# How does this draw and points thing work.



## dirtymike (Jun 23, 2009)

Maybe someone here can help me out. I am a TX boy. We dont do the draws or points I just read about and have heard about. All we do is buy a hunting lic, take a hunters education class and either lease some land, own some land or pay for a hunt at a hunting ranch. There are a few very very few public lands to hunt on. Most people here in TX think it is crazy to hunt public lands cause of idiots with guns shooting at anything. I dont think that is the case. Anyway here are my questions.

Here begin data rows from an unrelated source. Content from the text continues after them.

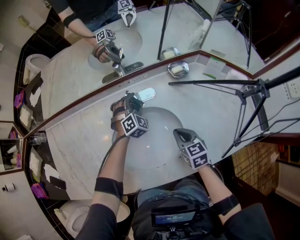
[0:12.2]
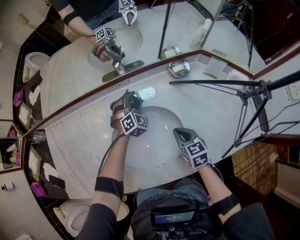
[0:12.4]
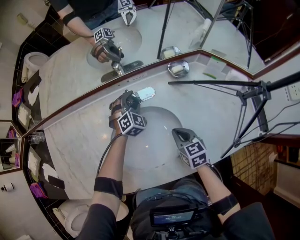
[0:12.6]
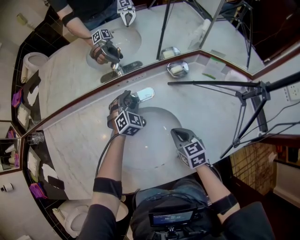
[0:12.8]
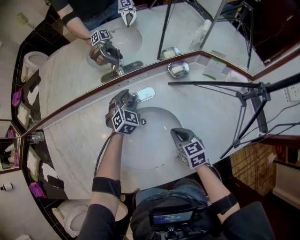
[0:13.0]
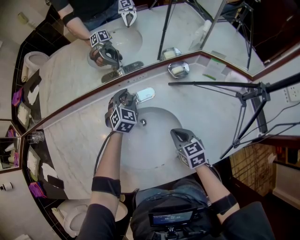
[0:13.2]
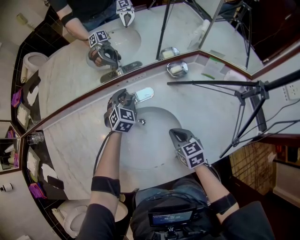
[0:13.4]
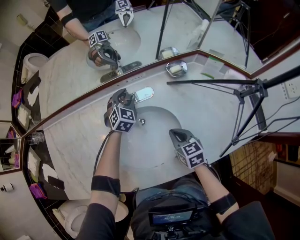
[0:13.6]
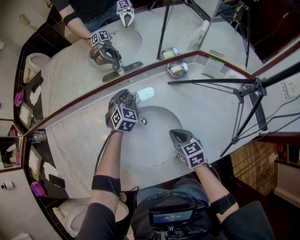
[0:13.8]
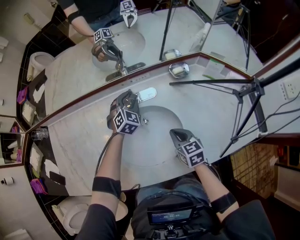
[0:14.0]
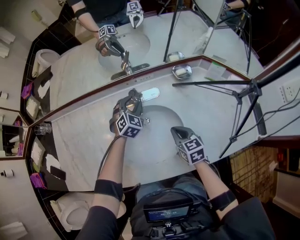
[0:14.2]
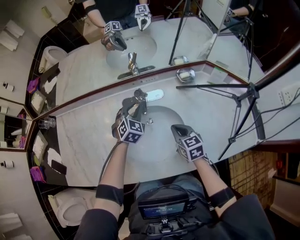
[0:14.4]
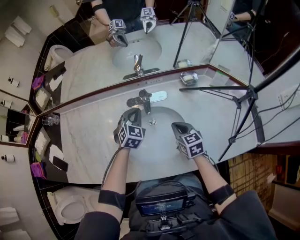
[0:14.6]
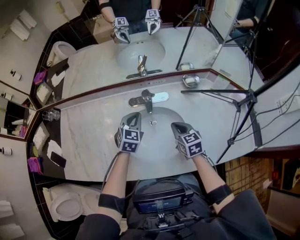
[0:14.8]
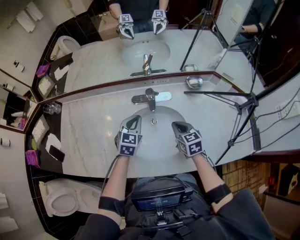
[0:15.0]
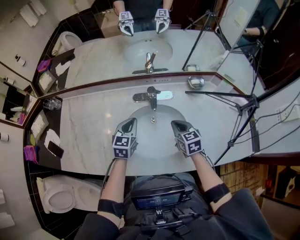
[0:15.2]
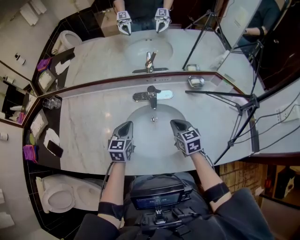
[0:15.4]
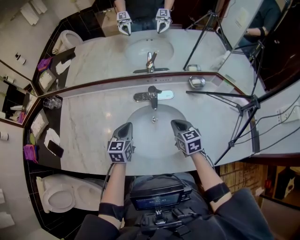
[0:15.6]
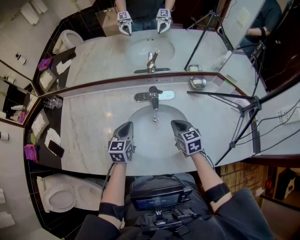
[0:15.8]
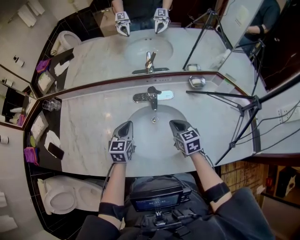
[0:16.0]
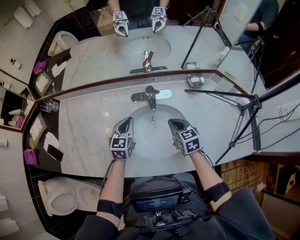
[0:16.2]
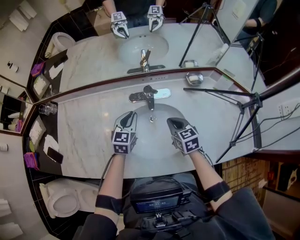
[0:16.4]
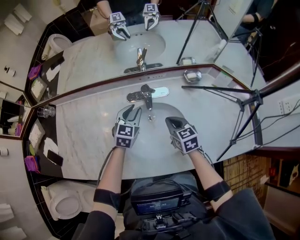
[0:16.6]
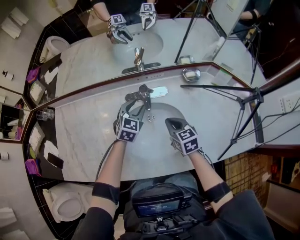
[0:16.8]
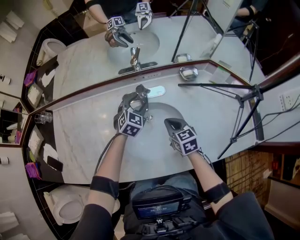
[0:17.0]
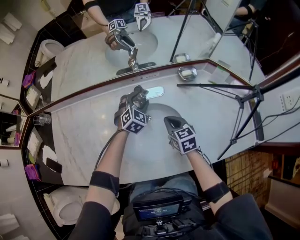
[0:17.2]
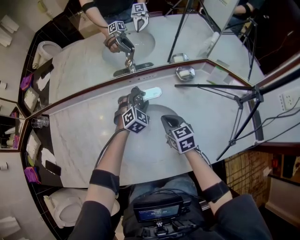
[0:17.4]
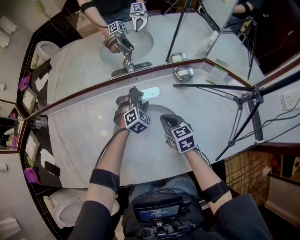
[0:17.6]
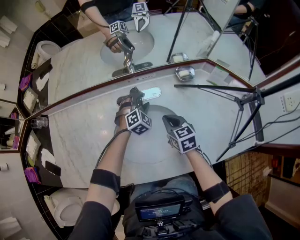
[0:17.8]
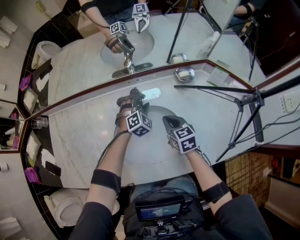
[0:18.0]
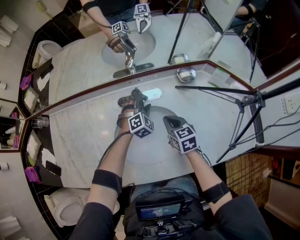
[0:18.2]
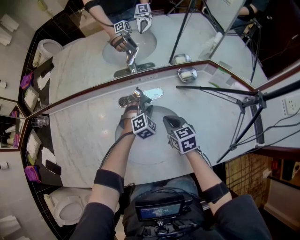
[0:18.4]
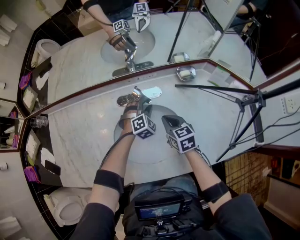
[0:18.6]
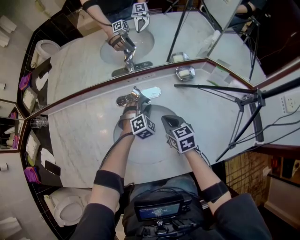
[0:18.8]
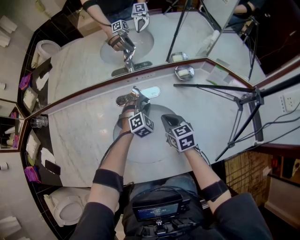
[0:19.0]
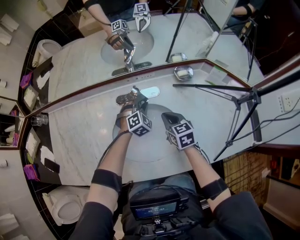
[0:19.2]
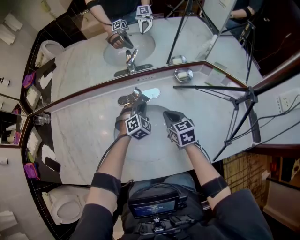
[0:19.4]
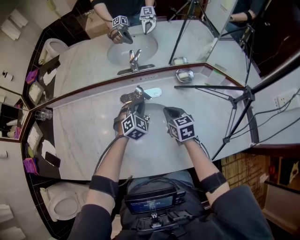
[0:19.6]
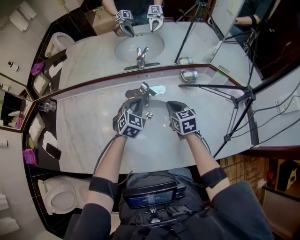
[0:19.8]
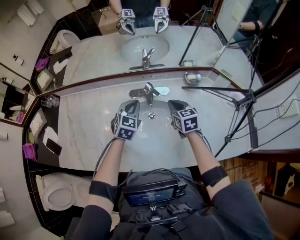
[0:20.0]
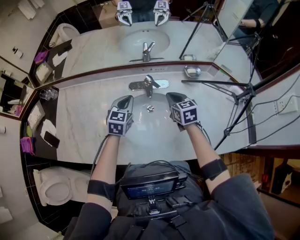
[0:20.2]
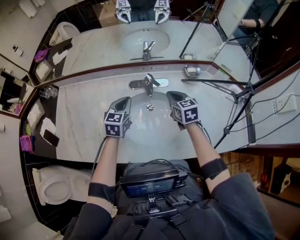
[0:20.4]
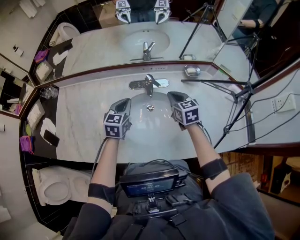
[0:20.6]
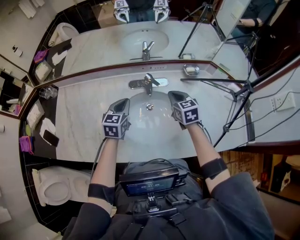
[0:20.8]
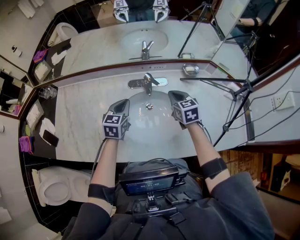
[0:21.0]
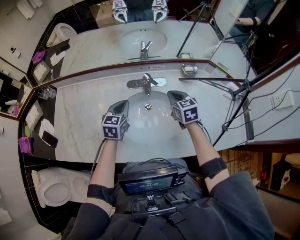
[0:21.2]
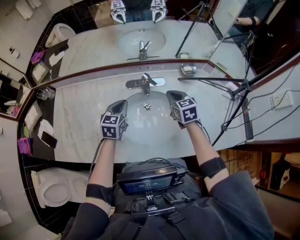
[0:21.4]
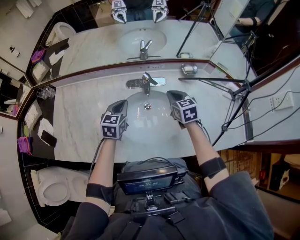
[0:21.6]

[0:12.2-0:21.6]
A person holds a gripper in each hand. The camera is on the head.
0:12.2 to 0:13.8: The grippers move only a little.
0:13.8 to 0:15.4: The right gripper heads upward and to the left, covering approximately 10 cm; the left gripper shifts about 25 cm backward, to the left and upward, rolls counterclockwise, seen from behind, by some 40 degrees, and closes.
0:15.4 to 0:17.0: The left gripper travels to the right and forward by about 20 cm, rotates some 40 degrees, and opens its fingers.
0:17.0 to 0:18.4: The left gripper shifts roughly 10 cm downward and to the right, and swivels some 30 degrees.
0:18.4 to 0:20.0: The right gripper heads upward, covering some 5 cm. The left gripper is displaced upward, to the left and backward by roughly 20 cm, changes its angle by roughly 40 degrees, and closes.
0:20.0 to 0:21.6: The left gripper moves to the left, approximately 5 cm.

Do you have to buy "points"
What are "points"
What do they do for you, I assume put your odds up a little higher in a draw. But if it is a draw how can points help you. When I think of a draw it is like drawing straws, or out of a hat. How the heck does this work? I would like to go on an Elk hunt when i can afford it. Oh that is another question. What does it cost to draw a tag and where is the best place to hunt elk. As far as state and what not. Thanks for any info you folks can offer. If you have questions about hogs I can answer those for you.


----------



## 4daHunt (Jul 9, 2009)

You did not mention which state you are inquiring about. For the best explanation on the subject no matter what state, contact Huntin Fool. I am a member and the Carter family knows their stuff. They can explain it all to you in a way you will understand without siffting through the mumbo-jumbo provided by the Fish and Game department. Some states are very confusing, and they change yearly.


----------